Birkaç ay önce, Fransız Yeşiller Partisi’nin önde gelen üyelerinden Sandrine Rousseau, bir işçinin tembellik hakkı çağrısında bulunarak heyecan yarattı. 60’lı yaşlarının ortalarına kadar bedenlerini ve ruhlarını yoran işlere devam edip edemeyeceklerine dair pratik endişelerin yanı sıra, Fransa’nın protestocuları Rousseau ve Lordon, Lafargue ve Montaigne tarafından dile getirilen kanaati de paylaşıyorlar. 20’li yaşlarındaki bir protestocu, ufkumuzun “daha uzun ve daha sıkı çalışmaktan” başka bir şeye sahip olmadığını belirtti. Sadece eğlenceye değil, gönüllü çalışmaya da ayrılan bir erken emekliliğin giderek daha uzak göründüğünü ekledi.

Amerikalılar bu tür iddialara kaşlarını çatabilir. Ama durup düşünürsek, bu bizim için biraz tembellik olmaz mı?
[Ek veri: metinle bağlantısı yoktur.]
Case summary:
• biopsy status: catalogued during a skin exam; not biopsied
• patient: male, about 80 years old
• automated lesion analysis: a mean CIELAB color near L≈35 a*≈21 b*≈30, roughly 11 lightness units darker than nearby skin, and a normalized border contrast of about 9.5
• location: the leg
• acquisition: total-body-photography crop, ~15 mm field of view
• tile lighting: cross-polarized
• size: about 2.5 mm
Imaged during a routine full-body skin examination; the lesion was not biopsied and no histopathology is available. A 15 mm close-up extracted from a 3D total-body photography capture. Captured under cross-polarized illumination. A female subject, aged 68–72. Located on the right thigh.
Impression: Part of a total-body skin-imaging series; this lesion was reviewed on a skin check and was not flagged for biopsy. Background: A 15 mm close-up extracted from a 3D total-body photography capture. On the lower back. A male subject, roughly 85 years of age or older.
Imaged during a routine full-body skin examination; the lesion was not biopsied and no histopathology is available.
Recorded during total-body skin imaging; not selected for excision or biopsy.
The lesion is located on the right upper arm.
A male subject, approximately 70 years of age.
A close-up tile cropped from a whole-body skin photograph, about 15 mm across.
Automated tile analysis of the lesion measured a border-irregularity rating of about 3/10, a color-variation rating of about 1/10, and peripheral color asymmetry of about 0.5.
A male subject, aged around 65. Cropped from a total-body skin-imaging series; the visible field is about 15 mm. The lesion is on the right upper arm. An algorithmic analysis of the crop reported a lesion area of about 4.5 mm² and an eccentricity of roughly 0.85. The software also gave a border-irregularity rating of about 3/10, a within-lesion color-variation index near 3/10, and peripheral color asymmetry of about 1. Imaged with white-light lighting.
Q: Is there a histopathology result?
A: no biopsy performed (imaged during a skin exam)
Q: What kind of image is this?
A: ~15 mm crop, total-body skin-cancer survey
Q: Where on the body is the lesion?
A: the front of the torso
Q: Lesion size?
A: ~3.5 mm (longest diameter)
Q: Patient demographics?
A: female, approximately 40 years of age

Robert Zaretsky bir tarihçi ve yakın zamanda “Zaferler Asla Sürmez: Bir Veba Zamanında Okumak ve Bakım Vermek” kitabının yazarıdır.

The Times yayınlamaya kararlı çeşitli harfler editöre. Bu veya makalelerimizden herhangi biri hakkında ne düşündüğünüzü duymak isteriz. İşte bazıları ipuçları . Ve işte e-postamız: [email protected] .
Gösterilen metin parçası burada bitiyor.